Les extrémistes polonais de Behemoth sont de retour avec The Apostasy. Ce nouvel album ne déroutera certainement pas les fans du précédent, Demigod, tant il s’inscrit clairement dans la continuité de son grand frère. Dommage donc pour ceux qui continuent à regretter les débuts plus black du groupe, tant mieux pour les autres, amateurs de raffinement bourrin death metal, puisque Behemoth s’évertue plus que jamais à mener à bien son entreprise de destruction massive des conduits auditifs humains.

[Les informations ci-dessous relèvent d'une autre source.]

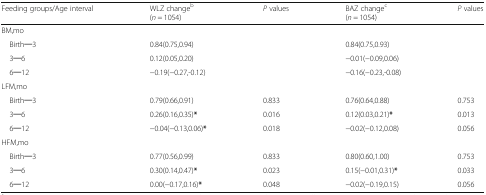
<table><thead><tr><td><b>Feeding groups/Age interval</b></td><td><b>WLZ change<sup>b</sup>(<i>n</i> = 1054)</b></td><td><b><i>P</i> values</b></td><td><b>BAZ change<sup>c</sup>(<i>n</i> = 1054)</b></td><td><b><i>P</i> values</b></td></tr></thead><tbody><tr><td colspan="5">BM,mo</td></tr><tr><td> Birth─3</td><td>0.84(0.75,0.94)</td><td></td><td>0.84(0.75,0.93)</td><td></td></tr><tr><td> 3─6</td><td>0.12(0.05,0.20)</td><td></td><td>−0.01(−0.09,0.06)</td><td></td></tr><tr><td> 6─12</td><td>−0.19(−0.27,-0.12)</td><td></td><td>−0.16(−0.23,-0.08)</td><td></td></tr><tr><td colspan="5">LFM,mo</td></tr><tr><td> Birth─3</td><td>0.79(0.66,0.91)</td><td>0.833</td><td>0.76(0.64,0.88)</td><td>0.753</td></tr><tr><td> 3─6</td><td>0.26(0.16,0.35)<b>*</b></td><td>0.016</td><td>0.12(0.03,0.21)<b>*</b></td><td>0.013</td></tr><tr><td> 6─12</td><td>−0.04(−0.13,0.06)<b>*</b></td><td>0.018</td><td>−0.02(−0.12,0.08)</td><td>0.056</td></tr><tr><td colspan="5">HFM,mo</td></tr><tr><td> Birth─3</td><td>0.77(0.56,0.99)</td><td>0.833</td><td>0.80(0.60,1.00)</td><td>0.753</td></tr><tr><td> 3─6</td><td>0.30(0.14,0.47)<b>*</b></td><td>0.023</td><td>0.15(−0.01,0.31)<b>*</b></td><td>0.033</td></tr><tr><td> 6─12</td><td>0.00(−0.17,0.16)<b>*</b></td><td>0.048</td><td>−0.02(−0.19,0.15)</td><td>0.056</td></tr></tbody></table>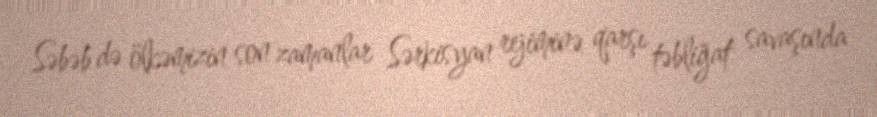
Səbəb də ölkəmizin son zamanlar Sərkisyan rejiminə qarşı təbliğat savaşında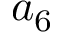
a _ { 6 }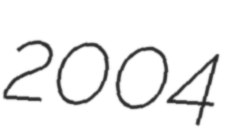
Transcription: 2004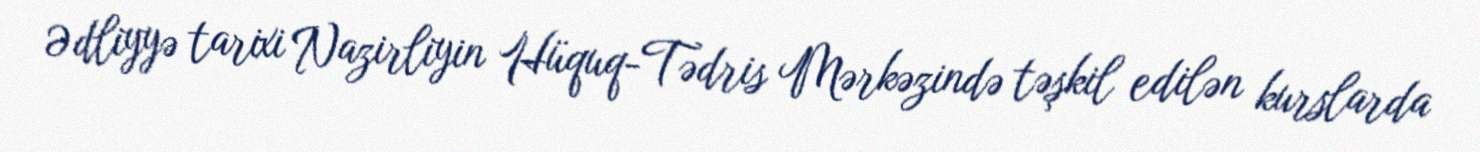
Ədliyyə tarixi Nazirliyin Hüquq-Tədris Mərkəzində təşkil edilən kurslarda

Toujours aussi impressionnant, le groupe œuvre une nouvelle fois dans ce brutal death qui rappelle parfois Nile, en (un peu) moins technique et un peu plus direct. Behemoth est parfois injustement taxé de sous-Nile, alors que (d’autant plus à en juger par la dernière fournée somme toute en demi-teinte de Nile) le premier a à la fois une vraie énergie à revendre, ainsi qu’un univers bien à part. Certes Nile a œuvré le premier dans les sonorités orientales (égyptiennes en fait), mais Behemoth les élève à un rang épique supplémentaire et ajoute des chœurs féminins, emphatiques certes, mais aussi et surtout empreints d’une impressionnante puissance (cf la fin de « Slaying The Prophets Of Isa » ou le début du suivant, « Prometherion »), ainsi que (comme sur Demigod) des cuivres majestueux, (comme a pu le faire Satyricon sur son dernier opus) sur « Arcana Hereticae » ou le final « Christgrinding Avenue ».
Contrairement aux américains amateurs d’Egypte, Behemoth a le bon goût de ne pas alourdir à outrance son propos de solos écœurants de longueur qui rendent certains morceaux de Nile pénibles, en proposant un format assez court et direct dans ses compositions (peu de titres dépassent les 4 minutes). Quand solos il y a, car il y en a, ils ont le bon goût de rester courts et de ne pas couper les morceaux dans leur élan. Les amateurs de branlette technique y verront peut-être un point négatif, je ne peux m’empêcher de trouver cela plus agréable à l’écoute.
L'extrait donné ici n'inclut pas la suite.